Впрочем, расстались мы вполне мирно. Даже по-дружески. Полюбовно разменяли квартиру, тихо оформили документы.
— Я буду навещать тебя, — всхлипнула Тереза. — А то ведь ты засохнешь один без привычки-то…
— Очень мило с твоей стороны…
Ребята отнеслись ко всему этому достаточно спокойно. Лариса — та вообще только плечами пожала, она жила уже с мужем. Денис малость попереживал, но у него тоже хватало своих забот: учился он в Свердловске, готовил курсовой проект и к тому же первый раз влюбился по уши…
А он оказался подполковником, преподавателем в местном артиллерийском училище. Моим одногодком, но не в пример мне бравым, подтянутым. Кстати, давним знакомым Терезы, бывшим ее одноклассником. Он был хороший мужик, мы с ним даже славно выпили однажды на дне рождения Ларисы…
… — Что? — встряхнулся я. Сашка о чем-то спросил.
— Да так… подумалось, — неловко повторил он. — Наверно, интересно, когда отец — писатель.
— М-м… не знаю. Ребята, по-моему, на это не смотрели как на что-то особенное… Лариса, кажется, иногда обсуждала с подругами мои книги. А Денис… он всегда был технарь-одиночка. По всей квартире — рассыпанные «конструкторы»…
— А кем он сделался теперь?
— Инженер. Специалист по вибромашинам.
— А что это за машины?
— Разгрузочные… Есть в нашем климате такая проблема — смерзшиеся грузы. Скажем, уголь или щебенка. Пришел вагон, и в нем сплошная спекшаяся от мороза глыба. Что делать? И вот ставят на вагон машину, которая создает своим механизмом вибрацию. И груз от этой мелкой тряски разрыхляется.
— А вагон? — Сашка проявил неожиданный интерес.
— А в этом-то и сложность. Надо рассчитать так, чтобы груз рассыпался, а вагон не пострадал.
— А если… ну, скажем, корабль или самолет… Если они обледенеют! Можно такой вибрацией корку сбить?
— Трудно сказать… В море или в воздух такую машину ведь не доставишь.
— Да… А я вот что придумал! Если сам корпус заставить трястись? Рассчитать, чтобы дрожал, но не разрушался…

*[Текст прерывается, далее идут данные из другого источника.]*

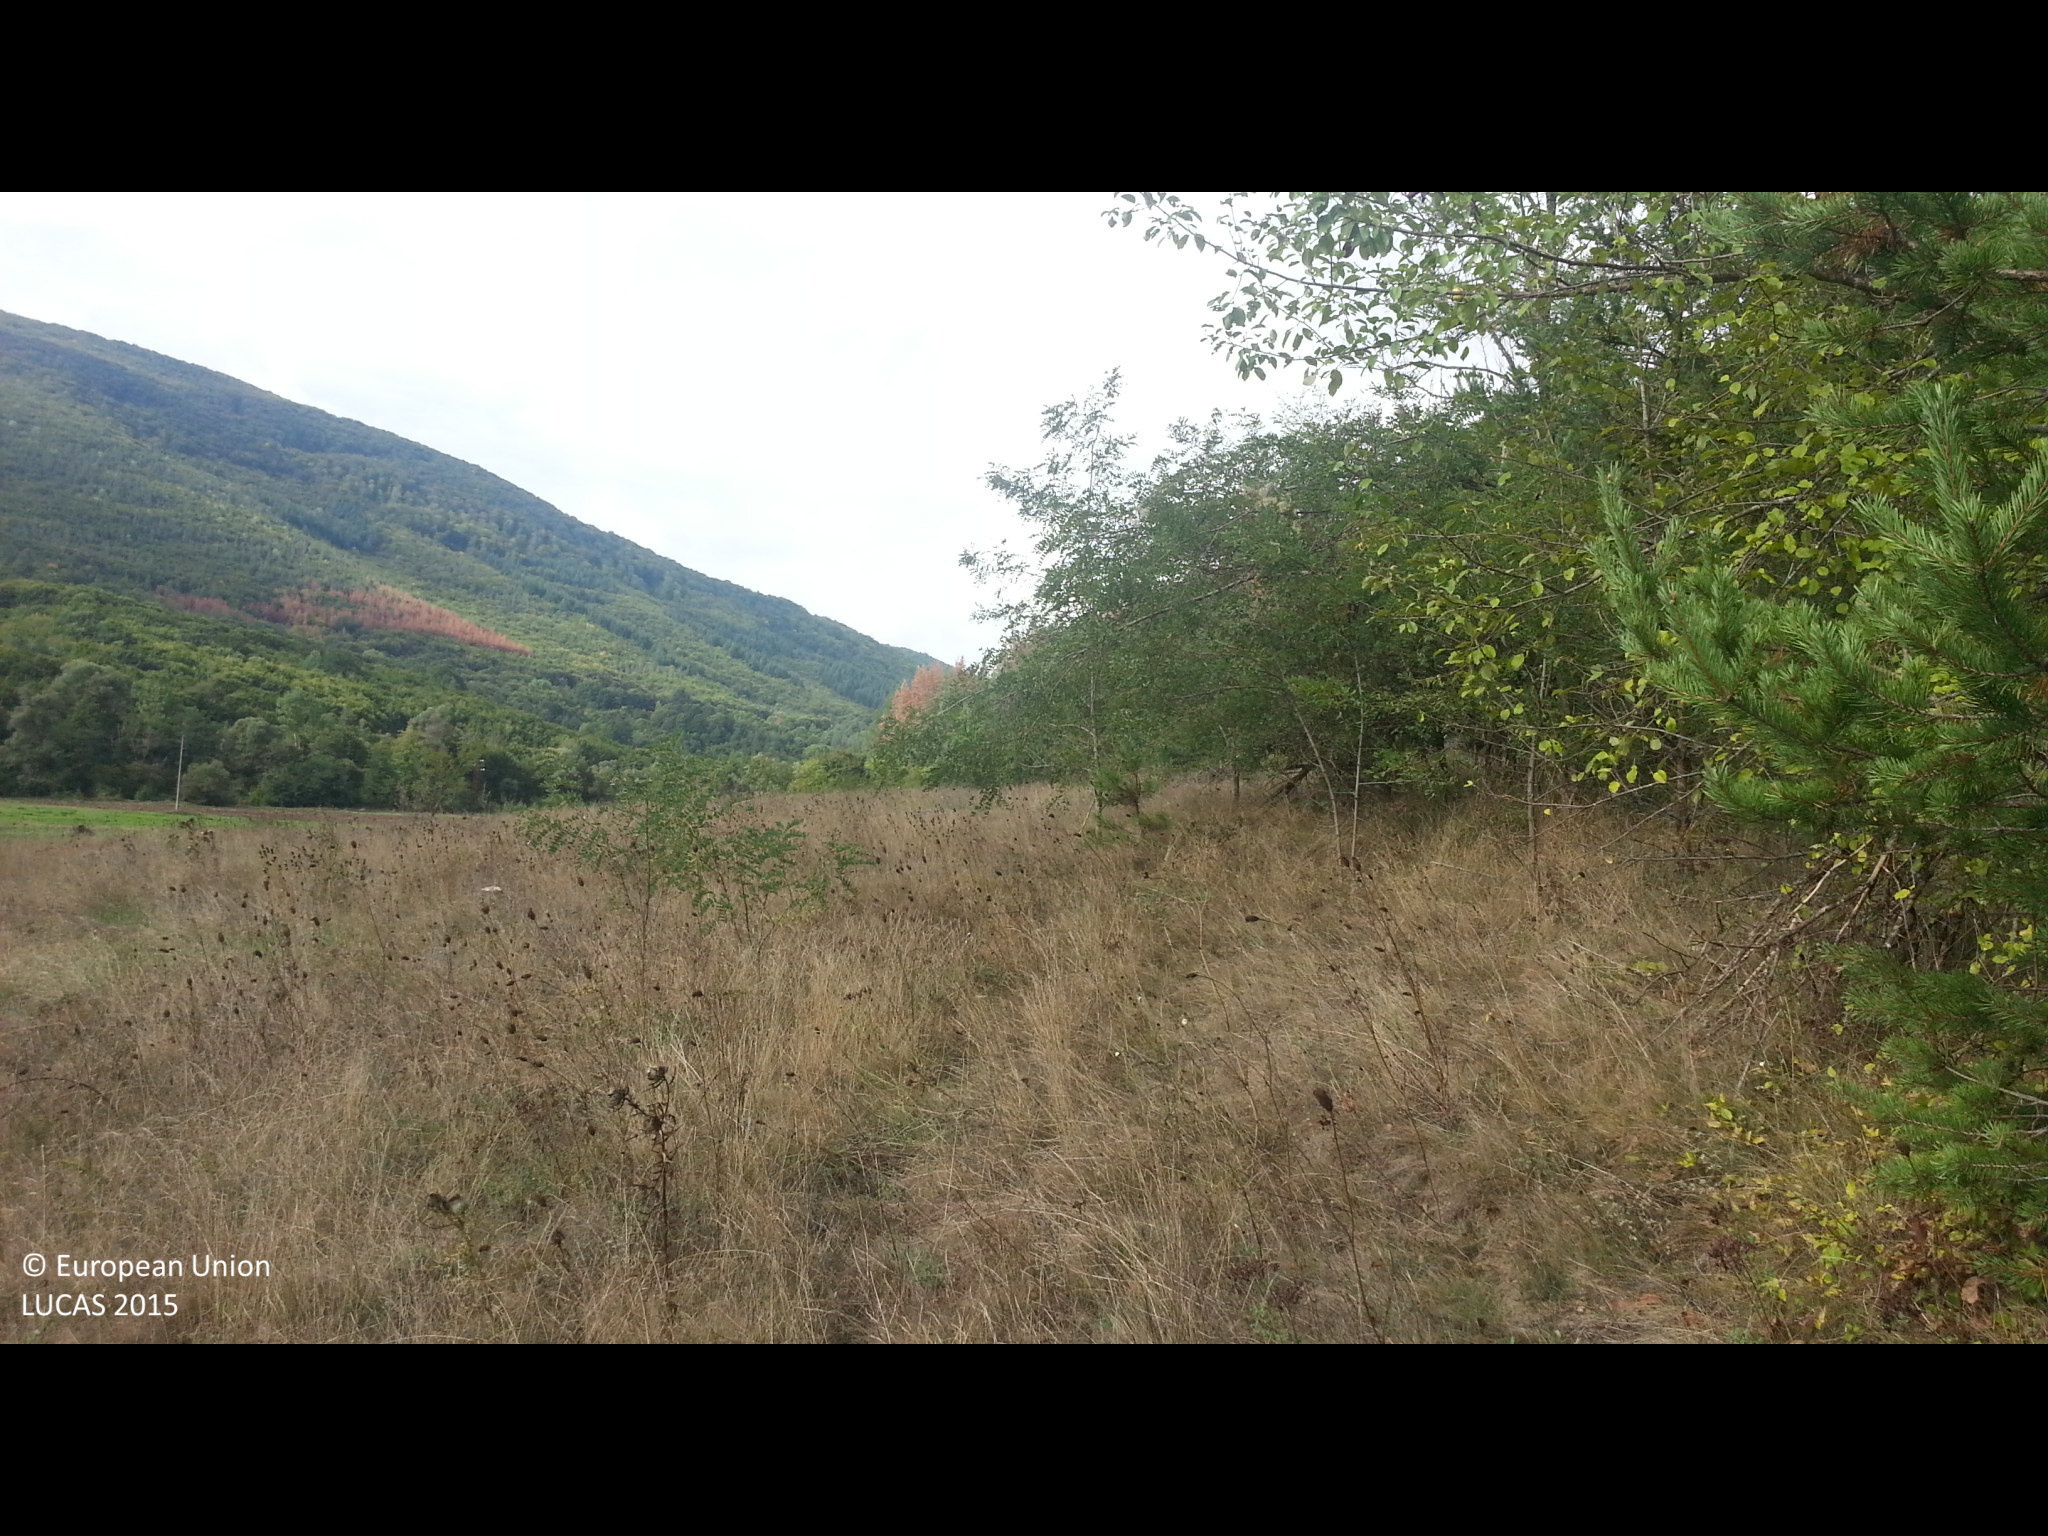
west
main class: Woodland
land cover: Other coniferous woodland
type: hemiboreal forest and nemoral coniferous forest and mixed broadleaved-coniferous forest
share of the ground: > 75 %
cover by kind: coniferous forest trees 100 %
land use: Forestry
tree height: > 5 m
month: September
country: BG
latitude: 42.5598
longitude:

— Идея, наверно, интересная. Только как это сделать? Впрочем, я не разбираюсь. Вот с Денисом бы тебе…
Сашка затолкал Чибу в сумку и встал.
— Пора, наверно, идти…
Я прислушался к себе: нет ли подлого гудения в голове, нет ли боли в спине и ноге? Нет. Удивительно: третий день без таблеток и уколов… Сашка — человек, приносящий удачу.
— Пойдем, проводник… — Я тоже поднялся, подхватил портфель.
Сашка вдруг спросил:
— Вы слышали про катамаран «Даблстар»?
— Нет. Что это такое?
— Это… вроде космического корабля.
— Американский?
— Нет, наш.
— Не слыхал. Странное название, «Двойная звезда»…
— Потому что у него два корпуса… ты куда?! — Это опять вылез Чиба. И серым зайчонком поскакал впереди нас. Иногда он оборачивался, и голова у него становилась клоунской: с резиновым подвижным личиком. Он блестел глазками и высовывал маленький красный язык.
— Он говорит, что не помнит, с какой планеты, — сказал Сашка. — А еще говорит, что ему триста лет и что он был шутом у короля марсианского народа иттов. Такой выдумщик…
4. Грибной дождь
Городок, в который мы пришли, казался игрушечным. Уютный такой, с традиционной площадью и ратушей, облицованной пятнистым мрамором. На ратуше, естественно, башня с часами и флюгером.
Кроме ратуши, каменных домов было немного. А в основном — двухэтажные и трехэтажные строения, обшитые темными досками. Этакий деревянный модерн, которым увлекались в небольших городах в начале двадцатого века. Широкие, часто округлые окна, крутые крыши, мезонины, башенки. Кованые узоры крылечек и балконов.